## Aim of the exercise
Once the lines below holding the string "xmlns" are counted, give that number alone.

## Data to examine
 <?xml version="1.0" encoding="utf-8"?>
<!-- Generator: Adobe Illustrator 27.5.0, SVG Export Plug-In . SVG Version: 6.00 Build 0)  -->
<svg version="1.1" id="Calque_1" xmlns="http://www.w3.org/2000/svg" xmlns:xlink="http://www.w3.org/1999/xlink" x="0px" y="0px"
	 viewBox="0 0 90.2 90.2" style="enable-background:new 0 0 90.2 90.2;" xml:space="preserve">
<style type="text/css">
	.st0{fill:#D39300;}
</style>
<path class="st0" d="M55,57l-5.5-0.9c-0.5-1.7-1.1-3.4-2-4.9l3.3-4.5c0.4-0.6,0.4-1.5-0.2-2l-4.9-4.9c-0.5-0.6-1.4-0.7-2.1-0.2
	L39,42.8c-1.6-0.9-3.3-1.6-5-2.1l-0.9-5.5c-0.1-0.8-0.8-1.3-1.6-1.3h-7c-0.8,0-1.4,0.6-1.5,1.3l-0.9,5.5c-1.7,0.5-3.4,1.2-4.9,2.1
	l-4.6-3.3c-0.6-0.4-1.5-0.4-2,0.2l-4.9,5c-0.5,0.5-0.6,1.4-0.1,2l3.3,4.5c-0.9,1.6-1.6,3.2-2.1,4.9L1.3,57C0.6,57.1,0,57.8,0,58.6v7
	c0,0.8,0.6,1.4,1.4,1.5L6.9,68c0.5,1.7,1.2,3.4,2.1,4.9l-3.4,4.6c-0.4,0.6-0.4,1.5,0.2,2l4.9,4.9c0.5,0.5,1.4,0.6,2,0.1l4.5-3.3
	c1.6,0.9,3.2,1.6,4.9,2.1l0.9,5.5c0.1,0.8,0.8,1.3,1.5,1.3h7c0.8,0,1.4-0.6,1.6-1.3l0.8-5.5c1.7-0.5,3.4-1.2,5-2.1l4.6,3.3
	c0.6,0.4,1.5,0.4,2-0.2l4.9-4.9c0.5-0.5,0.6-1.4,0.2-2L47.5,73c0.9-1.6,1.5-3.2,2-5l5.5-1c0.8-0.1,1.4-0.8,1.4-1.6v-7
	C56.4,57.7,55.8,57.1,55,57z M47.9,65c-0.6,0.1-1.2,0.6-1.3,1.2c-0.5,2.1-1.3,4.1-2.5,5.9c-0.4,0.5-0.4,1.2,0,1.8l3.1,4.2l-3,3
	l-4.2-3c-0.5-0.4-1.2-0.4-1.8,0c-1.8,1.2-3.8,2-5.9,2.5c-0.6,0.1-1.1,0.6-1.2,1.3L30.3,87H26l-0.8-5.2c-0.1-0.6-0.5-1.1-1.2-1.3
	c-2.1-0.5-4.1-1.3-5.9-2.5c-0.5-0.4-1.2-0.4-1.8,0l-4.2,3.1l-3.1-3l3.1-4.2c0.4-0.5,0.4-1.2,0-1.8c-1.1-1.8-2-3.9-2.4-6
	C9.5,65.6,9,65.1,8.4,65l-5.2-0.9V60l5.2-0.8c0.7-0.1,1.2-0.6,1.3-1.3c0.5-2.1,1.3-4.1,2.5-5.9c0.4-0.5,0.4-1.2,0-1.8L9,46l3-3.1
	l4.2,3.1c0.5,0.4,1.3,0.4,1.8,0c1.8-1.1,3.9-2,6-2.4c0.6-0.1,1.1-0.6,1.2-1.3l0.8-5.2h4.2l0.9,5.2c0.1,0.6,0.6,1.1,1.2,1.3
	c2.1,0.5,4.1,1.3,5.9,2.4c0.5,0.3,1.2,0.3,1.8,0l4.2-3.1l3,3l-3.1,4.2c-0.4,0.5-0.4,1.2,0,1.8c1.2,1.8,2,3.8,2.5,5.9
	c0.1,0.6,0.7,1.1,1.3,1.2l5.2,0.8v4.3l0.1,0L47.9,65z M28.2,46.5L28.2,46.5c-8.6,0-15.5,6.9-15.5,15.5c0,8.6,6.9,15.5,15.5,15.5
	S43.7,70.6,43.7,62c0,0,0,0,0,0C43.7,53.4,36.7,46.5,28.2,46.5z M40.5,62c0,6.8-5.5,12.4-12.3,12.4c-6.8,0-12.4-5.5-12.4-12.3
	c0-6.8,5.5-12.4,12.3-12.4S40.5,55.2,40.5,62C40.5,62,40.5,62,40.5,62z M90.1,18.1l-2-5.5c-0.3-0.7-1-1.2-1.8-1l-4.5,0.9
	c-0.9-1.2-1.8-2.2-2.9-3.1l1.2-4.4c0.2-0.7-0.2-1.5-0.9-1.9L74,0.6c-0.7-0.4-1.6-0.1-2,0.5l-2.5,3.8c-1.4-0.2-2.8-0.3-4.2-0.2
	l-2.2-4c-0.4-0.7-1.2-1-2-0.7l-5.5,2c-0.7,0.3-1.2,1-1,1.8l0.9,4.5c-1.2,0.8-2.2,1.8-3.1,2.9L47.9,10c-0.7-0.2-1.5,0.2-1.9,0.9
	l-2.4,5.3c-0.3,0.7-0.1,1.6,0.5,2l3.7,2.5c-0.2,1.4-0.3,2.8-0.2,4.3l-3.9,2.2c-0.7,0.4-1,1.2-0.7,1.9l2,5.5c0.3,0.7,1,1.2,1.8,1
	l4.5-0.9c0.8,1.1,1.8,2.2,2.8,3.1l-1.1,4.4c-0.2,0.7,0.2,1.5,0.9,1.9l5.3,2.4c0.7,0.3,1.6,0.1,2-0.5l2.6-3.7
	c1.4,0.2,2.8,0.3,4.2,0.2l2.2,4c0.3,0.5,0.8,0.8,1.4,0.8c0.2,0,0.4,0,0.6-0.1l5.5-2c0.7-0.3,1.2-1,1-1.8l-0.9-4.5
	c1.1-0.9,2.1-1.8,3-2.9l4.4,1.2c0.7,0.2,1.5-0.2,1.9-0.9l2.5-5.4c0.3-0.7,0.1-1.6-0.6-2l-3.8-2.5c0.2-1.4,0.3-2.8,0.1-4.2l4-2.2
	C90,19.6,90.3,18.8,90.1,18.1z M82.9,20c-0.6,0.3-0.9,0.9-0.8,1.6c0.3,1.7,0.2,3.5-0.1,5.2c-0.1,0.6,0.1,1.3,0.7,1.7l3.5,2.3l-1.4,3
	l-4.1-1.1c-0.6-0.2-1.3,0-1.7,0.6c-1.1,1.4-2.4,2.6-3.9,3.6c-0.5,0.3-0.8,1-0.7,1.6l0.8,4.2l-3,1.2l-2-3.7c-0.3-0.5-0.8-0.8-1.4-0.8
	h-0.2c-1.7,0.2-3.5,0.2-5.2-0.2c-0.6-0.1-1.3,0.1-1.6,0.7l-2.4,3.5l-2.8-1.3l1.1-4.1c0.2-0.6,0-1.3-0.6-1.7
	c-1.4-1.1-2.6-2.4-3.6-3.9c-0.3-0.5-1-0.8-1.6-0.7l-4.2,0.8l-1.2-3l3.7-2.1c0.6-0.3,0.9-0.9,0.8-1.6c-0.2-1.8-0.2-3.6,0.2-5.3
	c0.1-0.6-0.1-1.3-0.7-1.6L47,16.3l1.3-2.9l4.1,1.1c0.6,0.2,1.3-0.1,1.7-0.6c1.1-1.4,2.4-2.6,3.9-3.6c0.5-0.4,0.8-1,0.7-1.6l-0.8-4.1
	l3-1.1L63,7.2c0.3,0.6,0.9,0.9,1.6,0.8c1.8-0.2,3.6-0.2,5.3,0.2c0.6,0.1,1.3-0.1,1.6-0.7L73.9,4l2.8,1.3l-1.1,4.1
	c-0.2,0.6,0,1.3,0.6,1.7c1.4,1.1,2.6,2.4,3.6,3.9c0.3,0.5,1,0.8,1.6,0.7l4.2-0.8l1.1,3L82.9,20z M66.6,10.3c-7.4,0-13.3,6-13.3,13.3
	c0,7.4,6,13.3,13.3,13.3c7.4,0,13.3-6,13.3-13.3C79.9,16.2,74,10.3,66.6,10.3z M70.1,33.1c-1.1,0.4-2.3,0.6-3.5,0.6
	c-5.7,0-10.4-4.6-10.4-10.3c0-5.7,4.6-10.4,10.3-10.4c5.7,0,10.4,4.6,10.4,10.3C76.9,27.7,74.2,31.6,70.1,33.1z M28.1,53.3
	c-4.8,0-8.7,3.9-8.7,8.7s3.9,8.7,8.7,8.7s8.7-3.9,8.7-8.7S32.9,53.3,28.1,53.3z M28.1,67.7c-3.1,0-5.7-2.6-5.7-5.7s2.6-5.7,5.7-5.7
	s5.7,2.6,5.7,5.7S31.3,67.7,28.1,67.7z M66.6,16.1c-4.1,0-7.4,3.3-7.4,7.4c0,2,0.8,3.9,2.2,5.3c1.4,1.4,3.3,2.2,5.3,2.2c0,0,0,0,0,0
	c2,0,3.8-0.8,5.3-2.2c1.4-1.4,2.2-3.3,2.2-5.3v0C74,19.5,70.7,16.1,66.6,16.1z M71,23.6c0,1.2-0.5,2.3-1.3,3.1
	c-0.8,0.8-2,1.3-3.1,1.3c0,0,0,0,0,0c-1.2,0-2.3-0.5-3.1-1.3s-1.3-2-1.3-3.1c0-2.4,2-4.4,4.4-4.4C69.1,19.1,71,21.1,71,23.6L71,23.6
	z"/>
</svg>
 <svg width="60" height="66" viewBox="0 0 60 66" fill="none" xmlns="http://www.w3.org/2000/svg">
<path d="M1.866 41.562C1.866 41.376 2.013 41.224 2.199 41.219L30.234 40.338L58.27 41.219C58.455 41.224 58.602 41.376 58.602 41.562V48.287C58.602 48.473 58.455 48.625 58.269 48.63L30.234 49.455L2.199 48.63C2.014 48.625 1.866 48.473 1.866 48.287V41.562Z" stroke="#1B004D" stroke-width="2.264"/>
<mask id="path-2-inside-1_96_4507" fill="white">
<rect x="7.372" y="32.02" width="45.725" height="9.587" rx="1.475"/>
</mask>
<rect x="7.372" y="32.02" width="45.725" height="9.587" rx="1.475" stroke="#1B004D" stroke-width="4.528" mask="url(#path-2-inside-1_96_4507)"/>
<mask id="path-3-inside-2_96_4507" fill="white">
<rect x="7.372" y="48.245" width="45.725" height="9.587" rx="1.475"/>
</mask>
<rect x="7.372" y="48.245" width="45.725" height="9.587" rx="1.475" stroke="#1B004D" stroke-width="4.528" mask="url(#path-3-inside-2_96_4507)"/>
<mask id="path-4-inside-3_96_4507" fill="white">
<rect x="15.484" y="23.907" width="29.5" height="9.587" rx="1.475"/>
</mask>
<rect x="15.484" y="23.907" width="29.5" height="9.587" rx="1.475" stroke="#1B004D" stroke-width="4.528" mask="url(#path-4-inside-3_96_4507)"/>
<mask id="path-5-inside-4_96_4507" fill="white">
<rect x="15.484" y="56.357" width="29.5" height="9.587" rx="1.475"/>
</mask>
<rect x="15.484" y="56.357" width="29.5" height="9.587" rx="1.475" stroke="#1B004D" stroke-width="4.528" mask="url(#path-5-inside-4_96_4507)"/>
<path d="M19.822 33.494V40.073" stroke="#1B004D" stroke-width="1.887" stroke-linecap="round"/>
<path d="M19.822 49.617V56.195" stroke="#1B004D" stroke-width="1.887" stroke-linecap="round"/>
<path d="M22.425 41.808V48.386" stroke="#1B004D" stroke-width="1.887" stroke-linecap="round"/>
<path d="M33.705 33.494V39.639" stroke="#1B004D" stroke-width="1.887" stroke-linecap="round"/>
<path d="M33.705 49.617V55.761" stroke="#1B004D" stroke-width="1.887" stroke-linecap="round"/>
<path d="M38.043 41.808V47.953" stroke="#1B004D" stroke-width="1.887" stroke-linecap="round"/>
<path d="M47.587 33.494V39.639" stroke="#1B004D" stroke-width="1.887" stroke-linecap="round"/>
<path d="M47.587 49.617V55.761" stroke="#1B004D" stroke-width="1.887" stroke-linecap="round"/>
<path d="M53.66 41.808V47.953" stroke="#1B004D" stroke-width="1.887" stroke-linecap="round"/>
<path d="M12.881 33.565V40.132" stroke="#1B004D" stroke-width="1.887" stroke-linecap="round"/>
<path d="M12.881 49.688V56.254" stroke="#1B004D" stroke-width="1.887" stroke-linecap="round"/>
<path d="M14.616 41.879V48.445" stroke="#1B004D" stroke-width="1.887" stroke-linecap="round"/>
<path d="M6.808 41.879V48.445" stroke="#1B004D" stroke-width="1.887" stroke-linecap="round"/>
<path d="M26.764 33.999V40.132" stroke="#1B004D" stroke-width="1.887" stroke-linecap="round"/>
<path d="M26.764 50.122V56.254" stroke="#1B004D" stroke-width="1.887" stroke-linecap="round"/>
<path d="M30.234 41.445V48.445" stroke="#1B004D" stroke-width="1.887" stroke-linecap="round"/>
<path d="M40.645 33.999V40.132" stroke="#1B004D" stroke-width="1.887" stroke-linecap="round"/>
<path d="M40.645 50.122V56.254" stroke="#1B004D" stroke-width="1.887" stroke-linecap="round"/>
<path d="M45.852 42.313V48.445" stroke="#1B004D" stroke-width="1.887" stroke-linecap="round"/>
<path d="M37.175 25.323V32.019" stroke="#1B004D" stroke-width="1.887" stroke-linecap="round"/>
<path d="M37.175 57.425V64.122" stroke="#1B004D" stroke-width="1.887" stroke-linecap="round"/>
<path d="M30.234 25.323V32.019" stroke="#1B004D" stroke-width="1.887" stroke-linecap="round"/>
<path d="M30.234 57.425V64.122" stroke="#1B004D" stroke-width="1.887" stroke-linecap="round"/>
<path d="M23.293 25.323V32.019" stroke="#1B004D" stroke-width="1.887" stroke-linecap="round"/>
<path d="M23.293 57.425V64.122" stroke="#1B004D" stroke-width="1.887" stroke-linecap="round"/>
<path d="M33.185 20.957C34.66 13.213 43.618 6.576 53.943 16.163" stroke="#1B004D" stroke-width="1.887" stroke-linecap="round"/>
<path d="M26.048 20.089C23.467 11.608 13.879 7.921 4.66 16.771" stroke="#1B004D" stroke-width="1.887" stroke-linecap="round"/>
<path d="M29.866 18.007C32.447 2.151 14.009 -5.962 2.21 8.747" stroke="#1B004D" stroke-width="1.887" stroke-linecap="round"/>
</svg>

## Task output
2